> Problem requirements
In your copy, include every line of the records exactly and no picture at all.

===== Stored data =====

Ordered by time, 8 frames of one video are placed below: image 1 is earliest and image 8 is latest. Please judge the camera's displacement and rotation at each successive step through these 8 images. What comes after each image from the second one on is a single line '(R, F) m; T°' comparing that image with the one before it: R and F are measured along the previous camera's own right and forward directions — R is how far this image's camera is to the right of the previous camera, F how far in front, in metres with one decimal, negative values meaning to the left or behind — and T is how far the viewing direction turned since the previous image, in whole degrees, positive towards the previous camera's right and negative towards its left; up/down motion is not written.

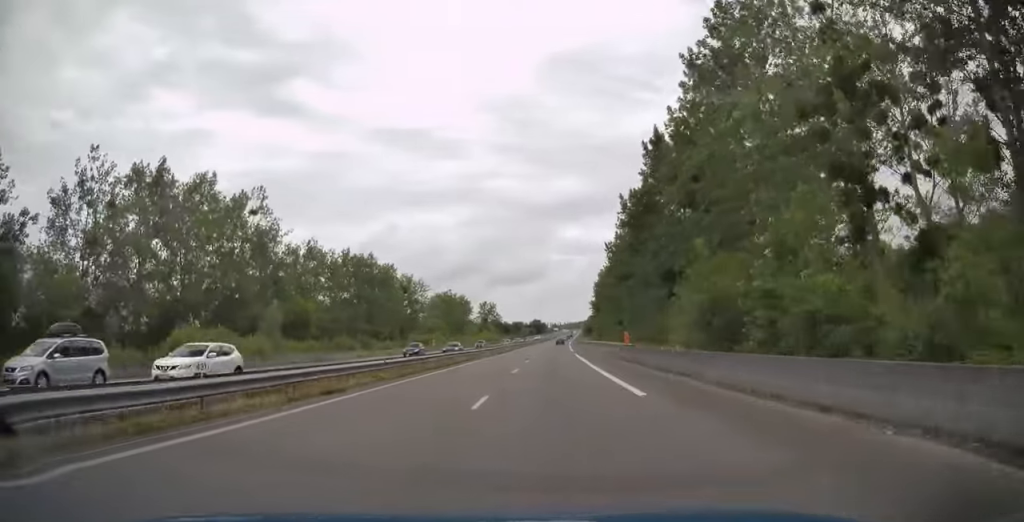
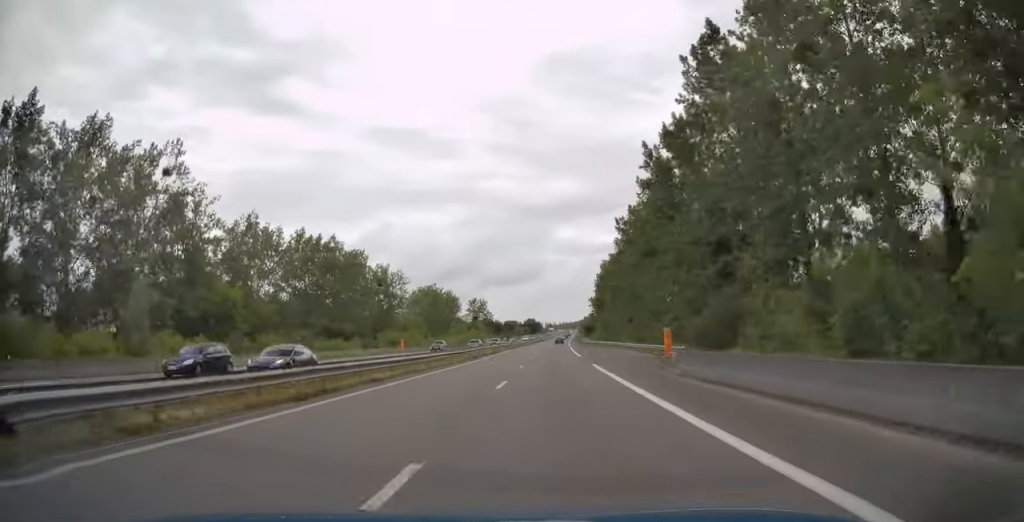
(0.0, +21.5) m; 0°
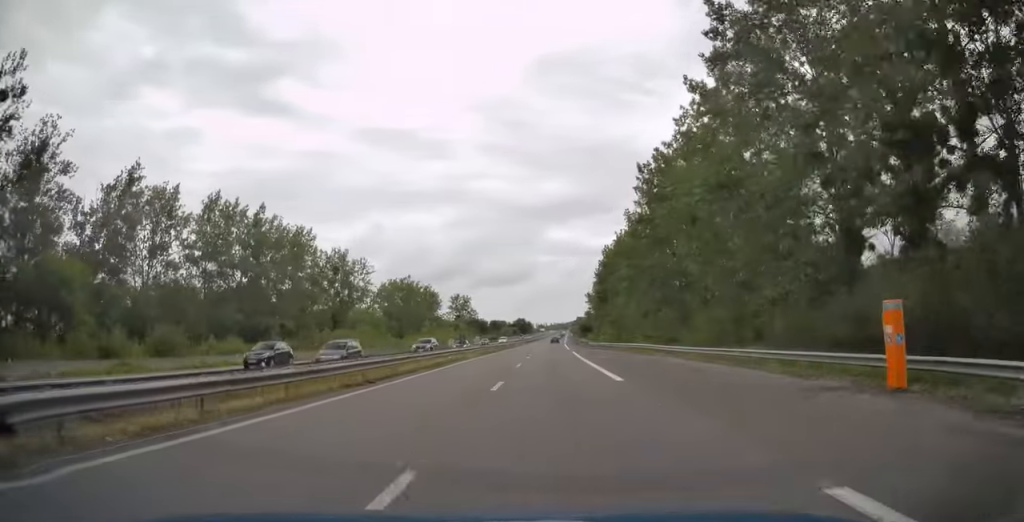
(+0.1, +26.4) m; +1°
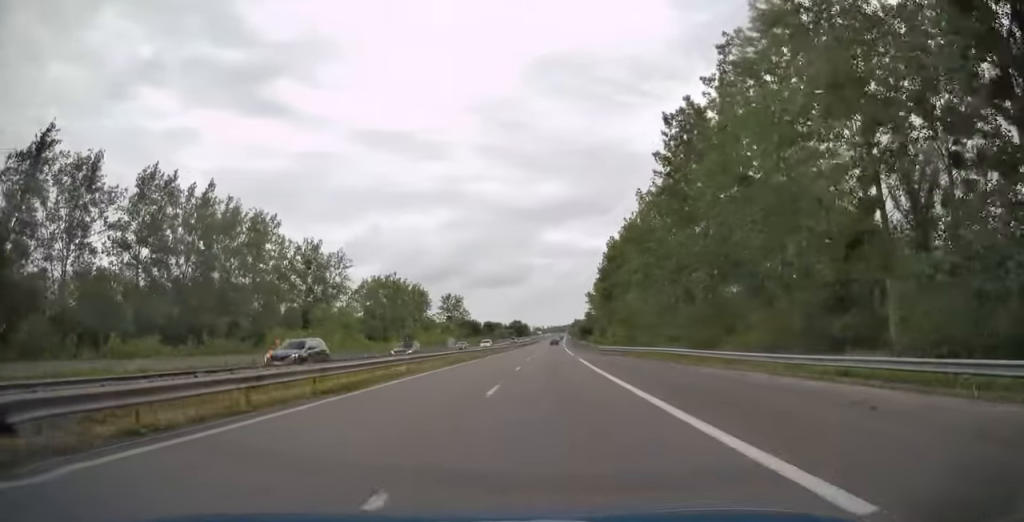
(+0.2, +14.0) m; 0°
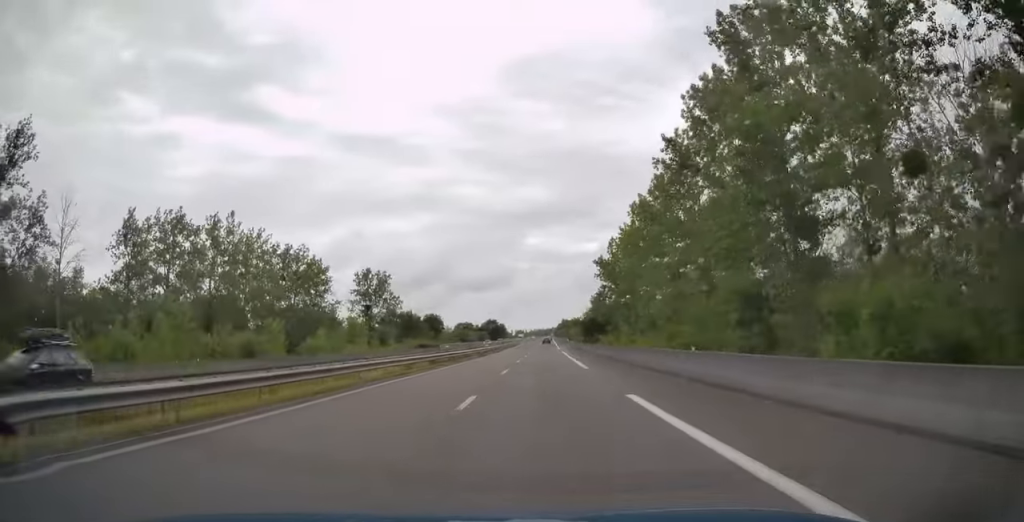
(+1.6, +82.1) m; +2°
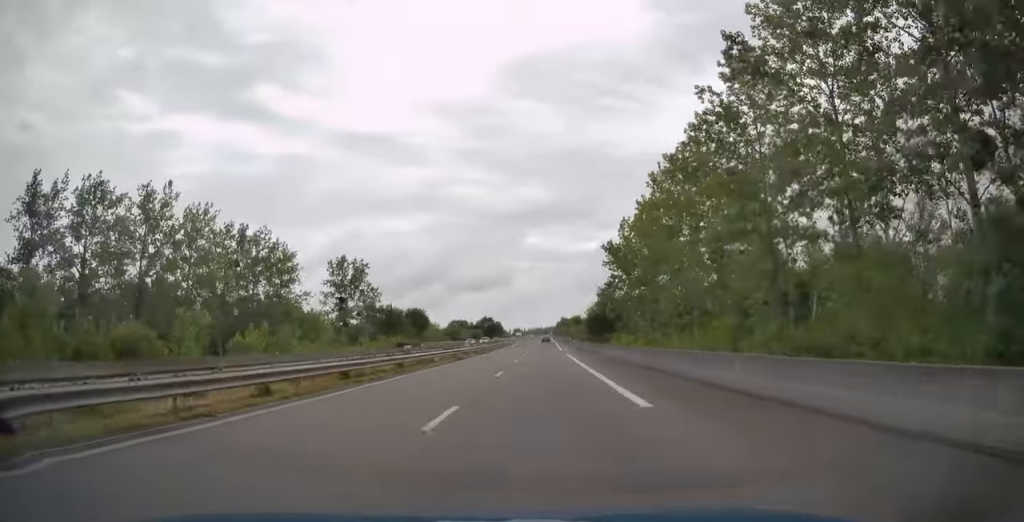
(0.0, +16.1) m; 0°
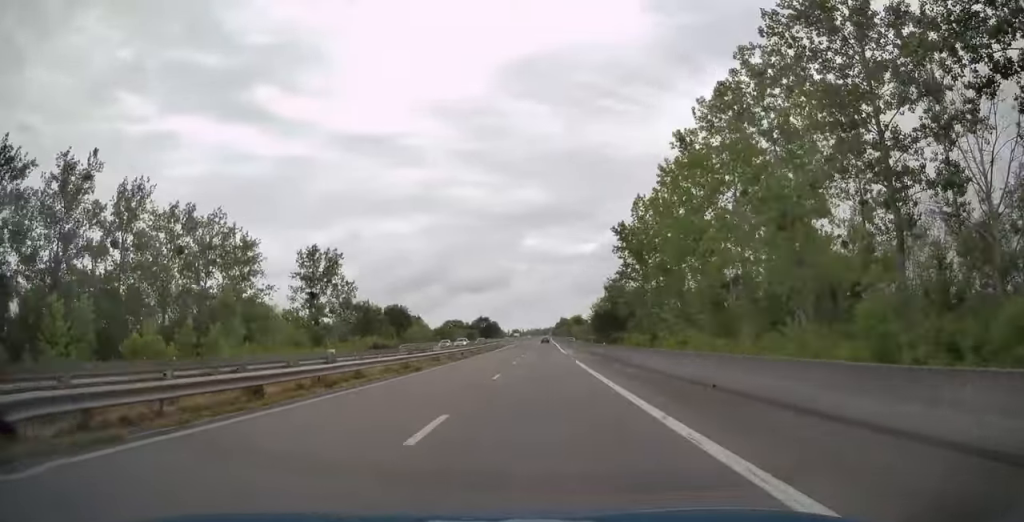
(0.0, +14.5) m; 0°
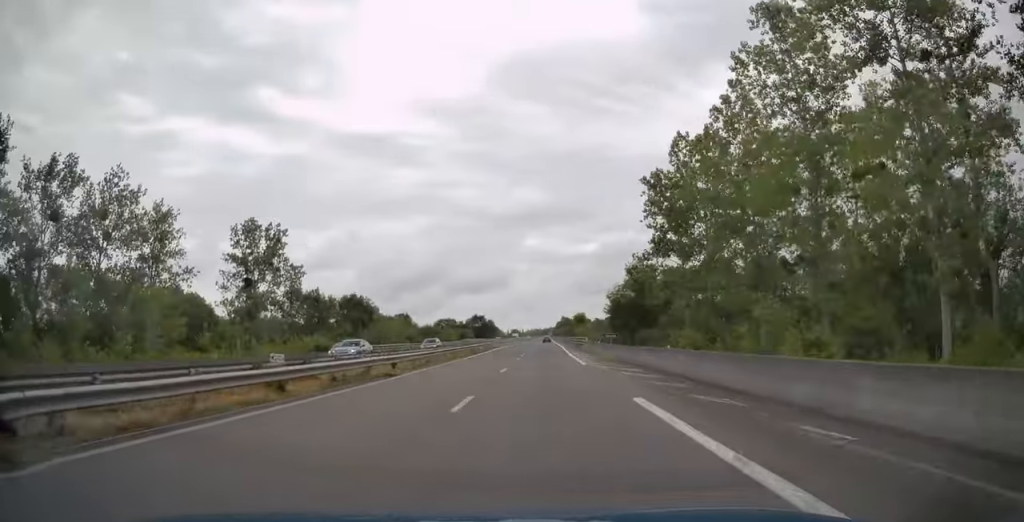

=====

> Solution to this problem
Ordered by time, 8 frames of one video are placed below: image 1 is earliest and image 8 is latest. Please judge the camera's displacement and rotation at each successive step through these 8 images. What comes after each image from the second one on is a single line '(R, F) m; T°' comparing that image with the one before it: R and F are measured along the previous camera's own right and forward directions — R is how far this image's camera is to the right of the previous camera, F how far in front, in metres with one decimal, negative values meaning to the left or behind — and T is how far the viewing direction turned since the previous image, in whole degrees, positive towards the previous camera's right and negative towards its left; up/down motion is not written.

(0.0, +21.5) m; 0°
(+0.1, +26.4) m; +1°
(+0.2, +14.0) m; 0°
(+1.6, +82.1) m; +2°
(0.0, +16.1) m; 0°
(0.0, +14.5) m; 0°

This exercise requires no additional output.